We note your response to prior comment 24. Please disclose how you determined the amounts to be paid to Mr. Person and Ms. Fox for the periods presented. See Item 402(o) of Regulation S-K. Please revise.
Response:
We have revised our disclosure in the paragraph immediately following the table in this section as follows:
“During the stages of formation and development, the Company agreed to pay management fees to its executive officers. The Company arbitrarily determined $1,000 per month was reasonable. No written agreement exists. We did not agree to pay nor did we accrue any salaries in 2011. We do not anticipate beginning to pay salaries until we have adequate funds to do so. There are no other stock option plans, retirement, pension, or profit sharing plans for the benefit of our officer and director other than as described herein.”
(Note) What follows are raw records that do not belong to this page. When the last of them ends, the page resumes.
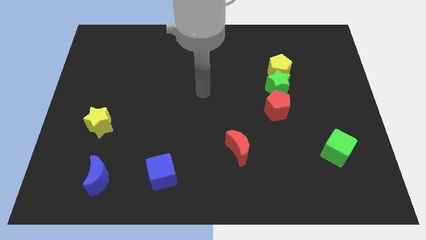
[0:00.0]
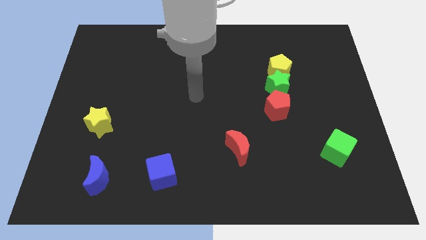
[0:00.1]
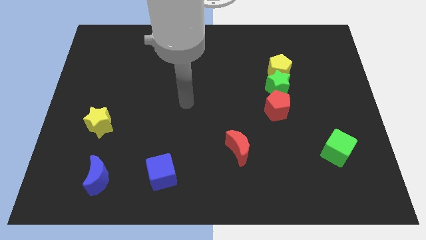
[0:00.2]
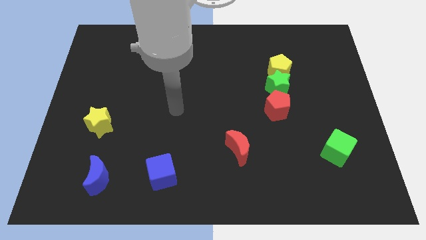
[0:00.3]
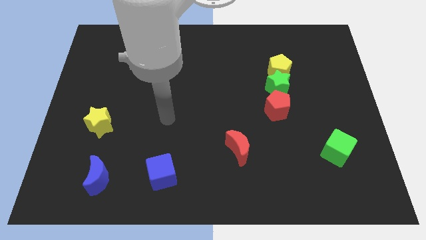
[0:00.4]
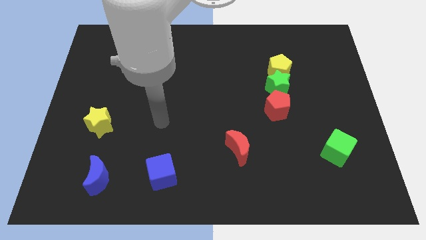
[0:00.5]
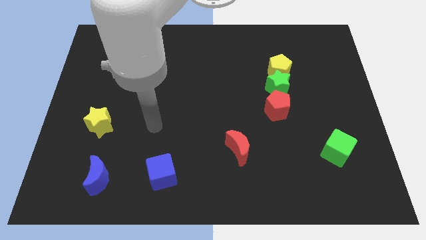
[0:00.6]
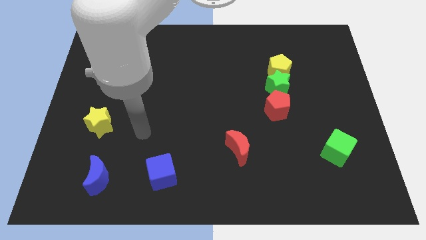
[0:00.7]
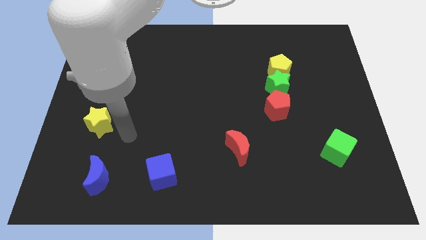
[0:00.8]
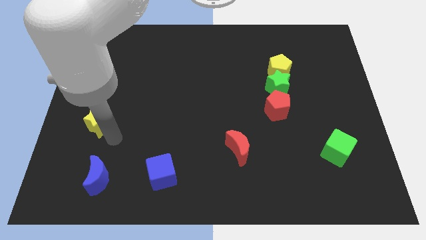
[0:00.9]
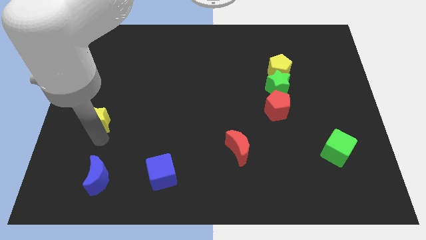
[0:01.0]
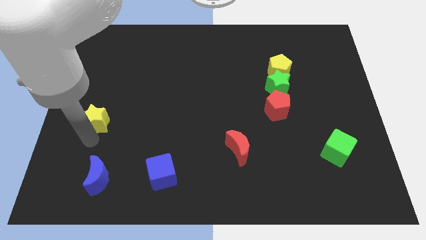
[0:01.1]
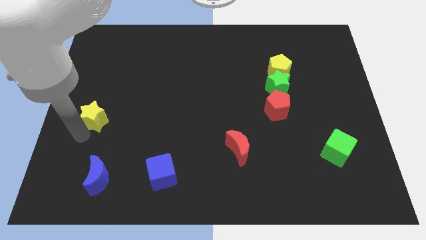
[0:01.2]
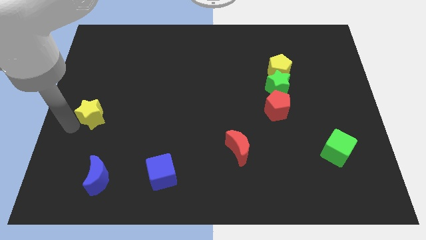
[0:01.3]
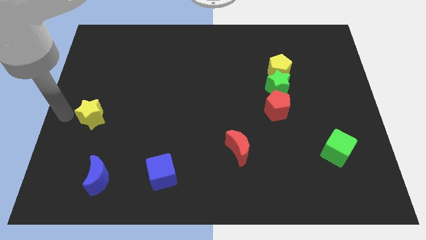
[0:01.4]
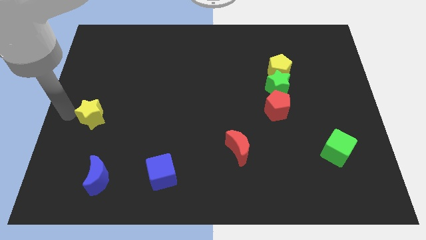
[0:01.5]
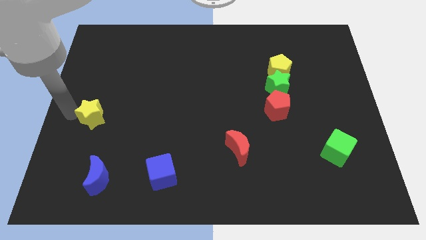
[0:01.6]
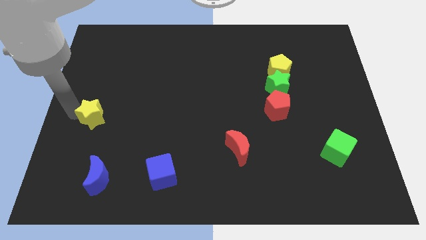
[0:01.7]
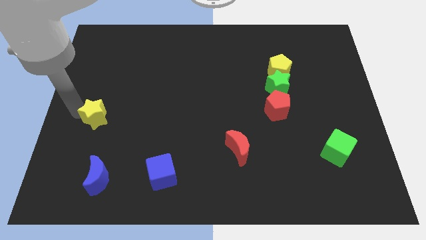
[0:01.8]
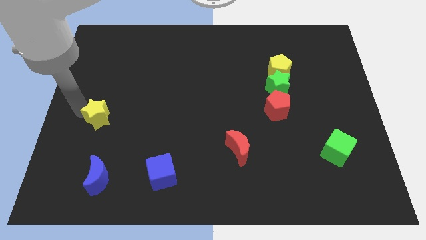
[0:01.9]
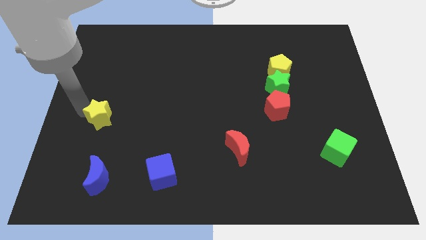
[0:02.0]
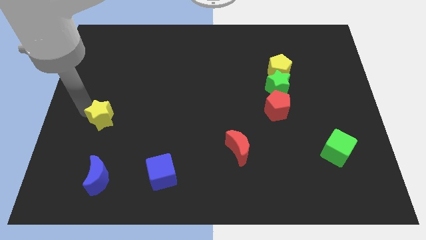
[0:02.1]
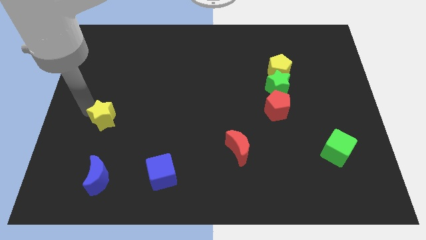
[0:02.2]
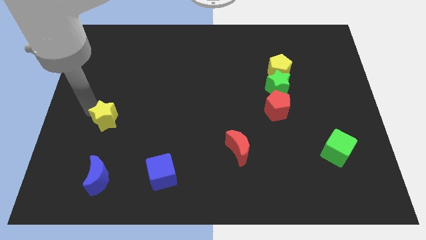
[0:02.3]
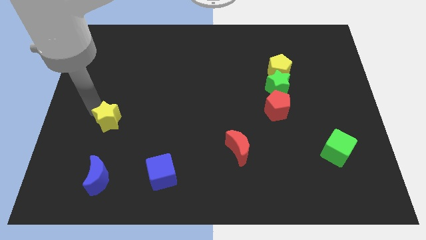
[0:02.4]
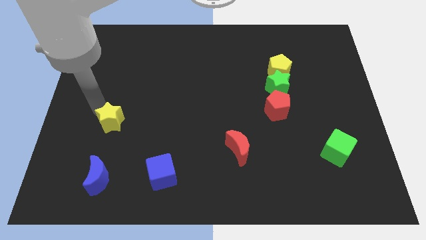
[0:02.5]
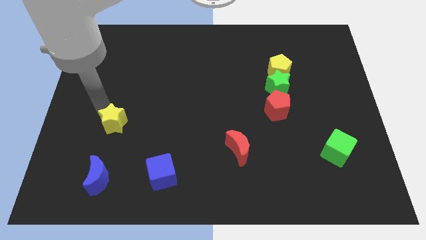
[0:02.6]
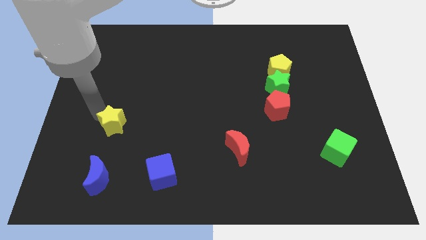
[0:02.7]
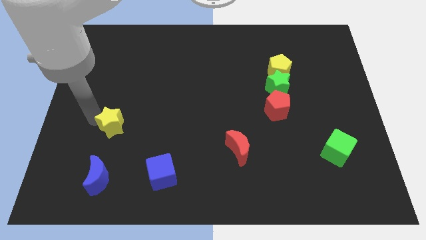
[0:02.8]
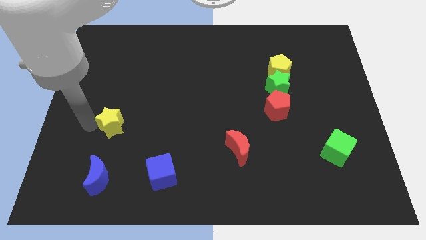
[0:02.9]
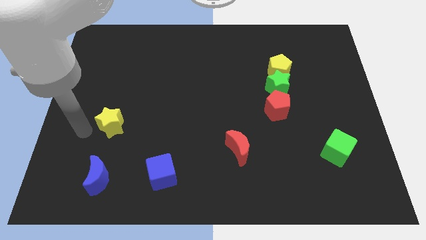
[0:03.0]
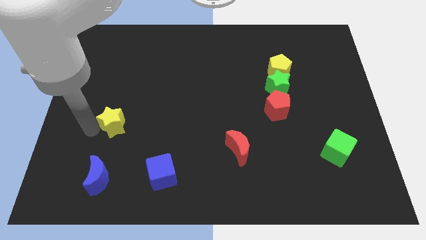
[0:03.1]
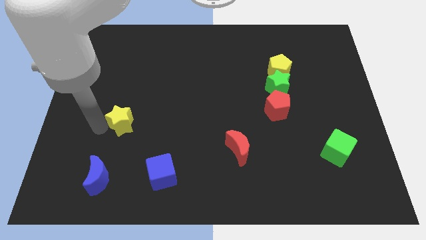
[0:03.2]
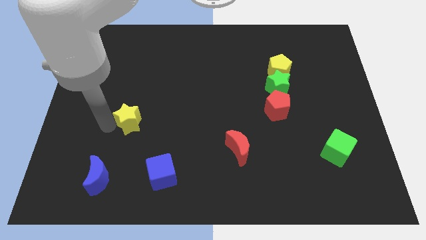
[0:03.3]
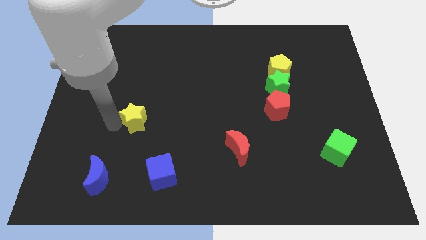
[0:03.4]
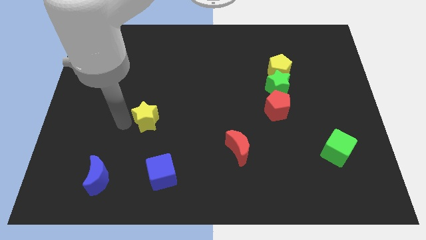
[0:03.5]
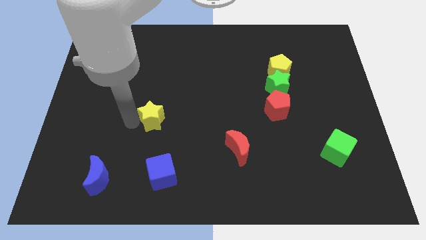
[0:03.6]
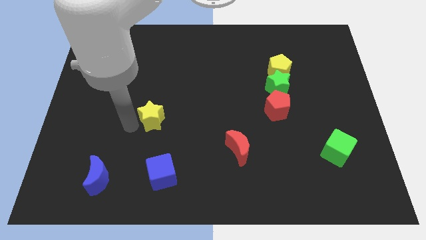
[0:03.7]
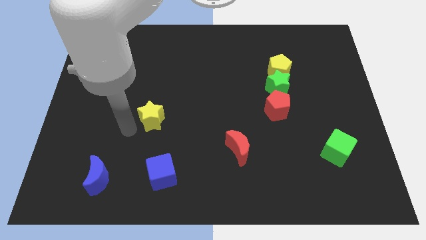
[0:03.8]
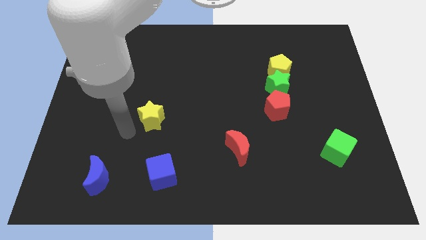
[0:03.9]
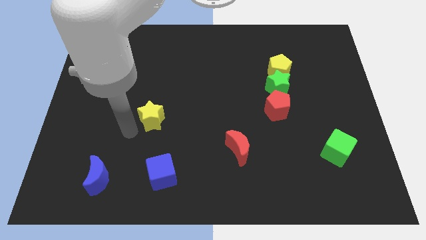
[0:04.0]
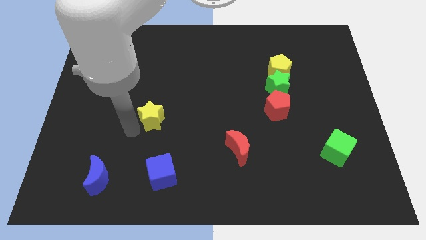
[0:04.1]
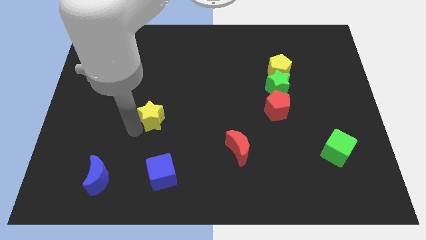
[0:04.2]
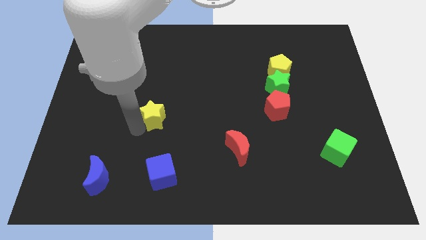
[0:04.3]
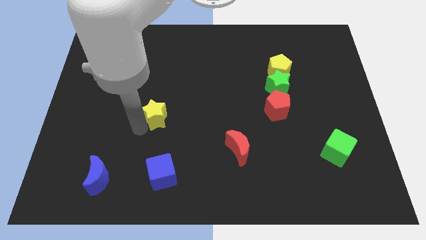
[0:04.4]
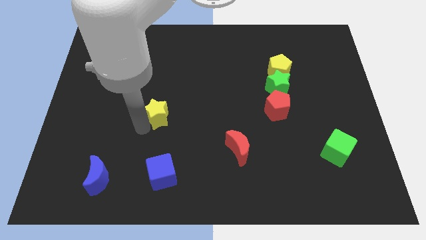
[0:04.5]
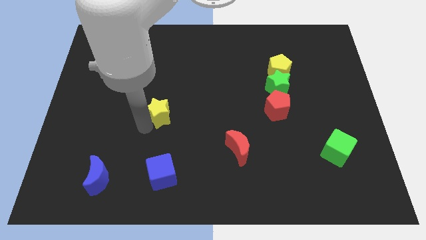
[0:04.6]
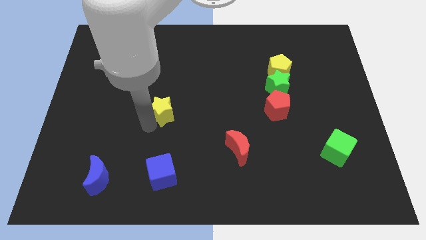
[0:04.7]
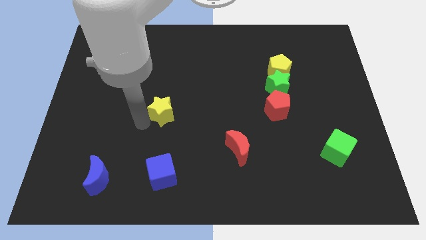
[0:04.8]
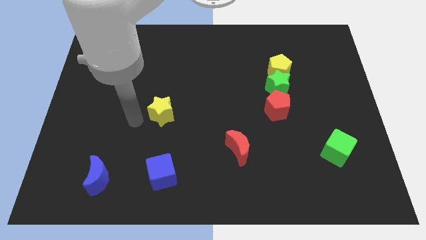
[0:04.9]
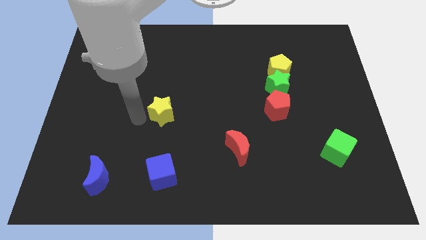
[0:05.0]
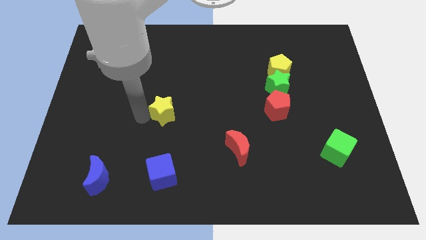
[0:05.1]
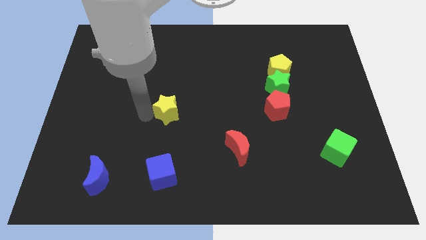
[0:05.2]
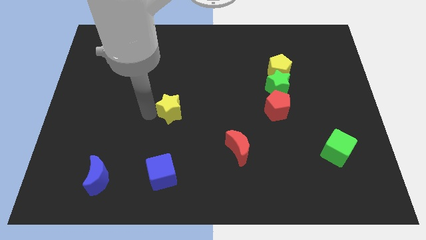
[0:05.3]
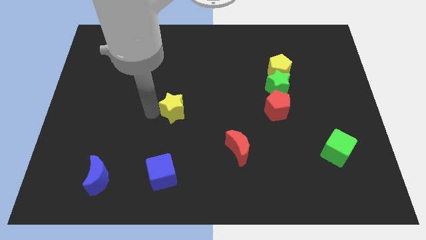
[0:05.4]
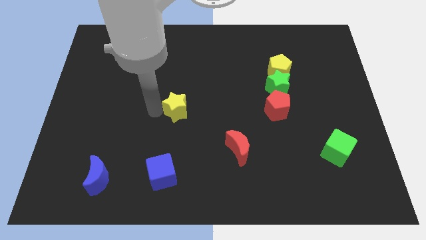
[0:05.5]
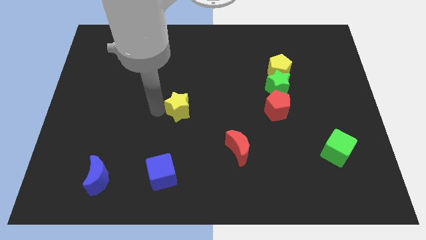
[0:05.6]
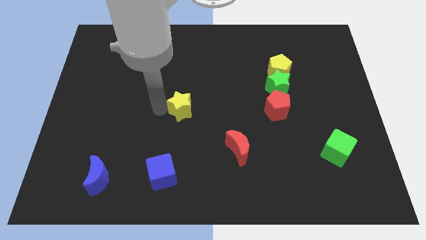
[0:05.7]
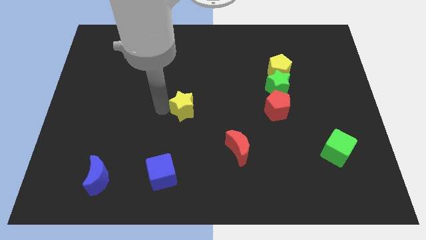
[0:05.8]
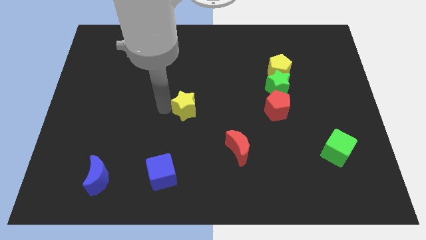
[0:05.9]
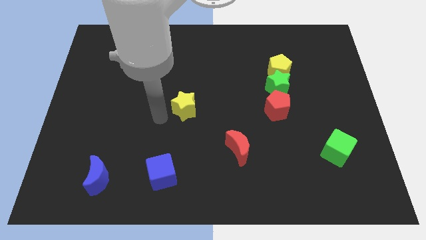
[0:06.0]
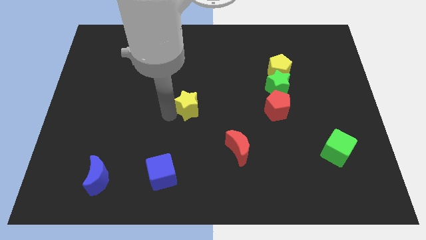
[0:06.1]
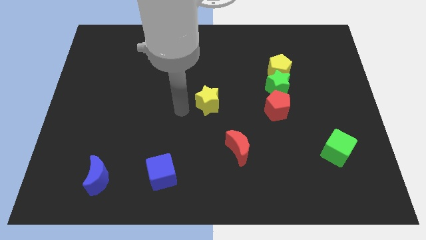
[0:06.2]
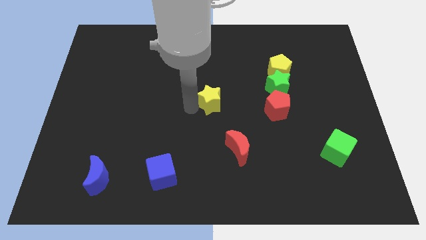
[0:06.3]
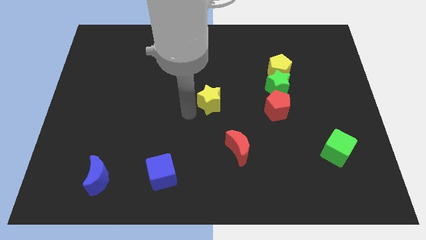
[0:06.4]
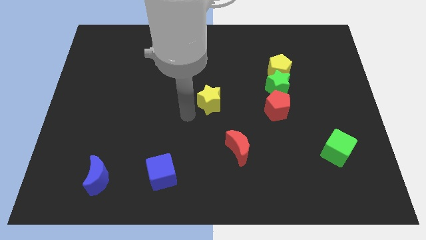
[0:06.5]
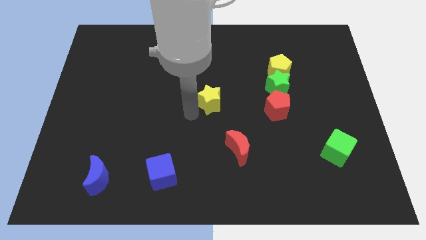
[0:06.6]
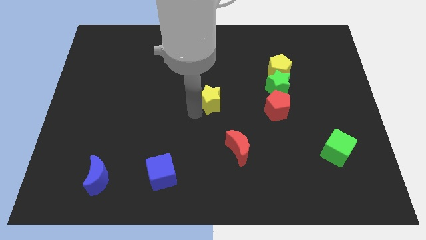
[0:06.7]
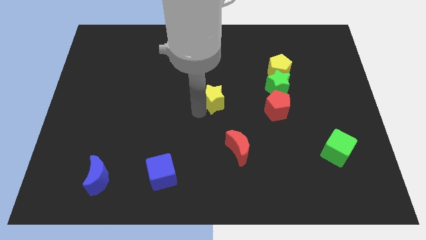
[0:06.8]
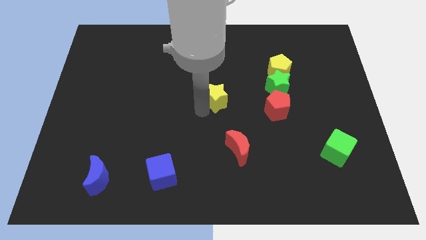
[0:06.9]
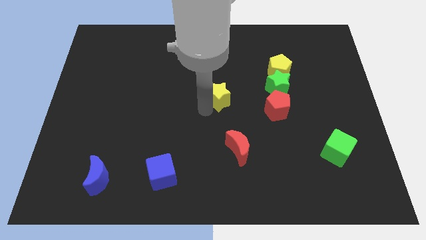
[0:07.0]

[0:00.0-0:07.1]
move the yellow star to the left of the green star

Certain Relationships and Related Transactions, page 69
10.
We note your response to prior comment 26. Please disclose the nature of the additional amounts due to Mr. Person and Ms. Fox in excess of the Management Fees (i.e., $2,475 for Mr. Person and $1,775 for Ms. Fox).
Response:
We have revised our disclosure in this section as follows:
“As at 31 August 2010, the amounts due to Fred Person (see Financial Statements for the period ended August 31, 2011, Note 4) consist of $14,475 including Management Fees of $12,000 and rental of office space of $2,475. On 31 March 2011, the Company issued 2,895,000 common shares of the Company, valued at $0.005 per common share, to settle the amount of $14,475.
As at 31 August 2010, the amounts due to Susan Fox (see Financial Statements for the period ended August 31, 2011, Note 4) consist of $21,775 including Managements fees of $20,000 and rental of office space of $1,775. On 31 March 2011, the Company issued 4,355,000 common shares of the Company, valued at $0.005 per common share, to Susan Fox to settle the amount of $21,775.”
11.
We note your response to prior comment 29. As previously requested, please revise this section to include disclosure regarding your March 31, 2011 payment to a company with an officer in common. See Items 404(d)(2) and 404(c)(1)(i) of Regulation S-K. Ensure that you discuss the origin of the balance due to Casting Workbook.
Response:
We have revised this section as follows:
“As at August 31, 2012 and 2011, the amounts due to related parties consist of $nil and $nil payable to a company with an officer in common. On behalf of the Company, CWB Inc. paid outstanding invoices totaling $9,100. On March 31, 2011, the Company settled the balance due in the amount of $9,100 by issuing 1,820,000 common shares of the Company valued at $0.005 per common share to CWB Inc., whose sole officer and director is Susan Fox. This balance was non-interest bearing, unsecured and had no fixed terms of repayment.”
We trust this meets with your approval.